Reach the point where I’m wearing progressive lenses.:madman: Don’t want to carry two pairs of glasses, one clear and one dark. So I’m thinking I'd like to get a good pair of riding glasses using progressive/transition lenses. Is anyone riding progressive/transition lenses that can offer any advice? What frames are you using? My Optometrist tells me with my prescription I’m looking at pretty flat lenses. Maybe Oakley Muffler style frames, a la Clark Kent!


----------



## CarolinaLL6 (Apr 12, 2010)

Check out safetyglassesusa.com.

They may have something that covers transition and progressive lens.


----------



## Shalom (Nov 7, 2008)

I have no experience with prescription progressive lenses. However, the Oakley photochromics (I think is there term) work really well. I have found them to change relatively quickly (or more so than others I have used).


----------



## kdoggett (Apr 4, 2009)

*SportRx*

I have ridden with transition lenses for almost 3 years now and will never go back. Prior to that I rode with contact lenses and sunglasses, but the contacts gave me problems on long endurance rides, especially muddy, wet conditions. With the transition lenses I can ride through the night and no worries about changing glasses or lenses. I bought mine through www.sportrx.com. Kind of pricey, but great customer service. I have Rudy Project Horus frames to accommodate strong prescription, but for normal prescriptions there are many more to choose from. Good luck.


----------



## hernan1304 (Nov 6, 2011)

Stay away from Oakley transitions prescription sport lenses. I bought Oakley Jawbones with prescription, vented, transition lenses. The whole package was around $550.

The first go-around, I had three problems: the lens was too thick for the frame (even though my prescription is quite low), INSANE fogging, and stray reflections all over the place at night. The quality of the optics also left something to be desired. The transition was good, but not great. One tip that really helps is to leave them outside on a very sunny day for about 1/2 hour and then bring them inside, then repeat, so they get broken in.

In response to my problems with the first lenses, Oakley re-did the lenses using a different technique (laser or something, sorry can't remember), and the optics are MUCH better, the thickness is also reduced, and they applied Anti-reflective coating on both sides so the stray reflections are gone.

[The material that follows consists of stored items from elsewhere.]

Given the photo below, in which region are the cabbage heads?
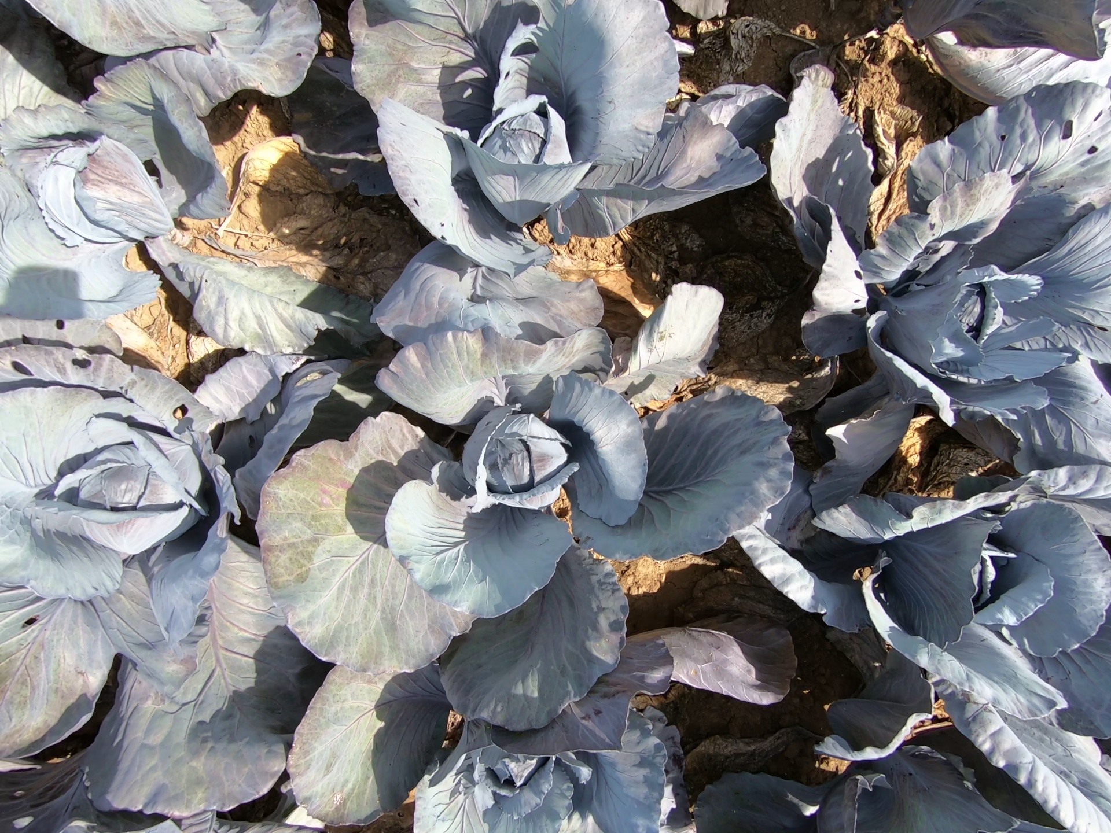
[31,146,150,246]
[473,693,554,791]
[76,441,198,554]
[475,109,571,217]
[908,530,995,613]
[927,278,1002,349]
[473,413,568,508]

HOWEVER: the fogging is still a huge problem, even at 20+ mph, and they are not very hydrophobic -droplets get all over my lenses and stay put. Honestly, on a cold wet day I can't see anything. On a cold day that's not wet, I can see a bit more, but not as much as one would hope.

Oakley is out of solutions for me, and the eye store I bought it from is trying to figure out whether there's anything more that can be done (such as applying an aftermarket coating on top of Oakley's AR coating).

I can't treat them with the standard anti-fog solution that Oakley ships with their other lenses, because it would mess with the AR coating (so says the Oakley rep).

STAY AWAY. and if you choose not to stay away, at least go with a model that has more natural ventilation, such as the Radars.

I am extremely disappointed in mine. Turns out that transitions RX lenses represent a VERY small percentage of the lenses that Oakley make (probably because of the high cost, but I got my insurance to cover mine), so I've turned into a bit of a guinea pig.


----------



## kdoggett (Apr 4, 2009)

I forgot to mention if your prescription is strong you should specify aspheric lenses to ensure flatter, lighter and thinner lenses. Costs more but worth it.


----------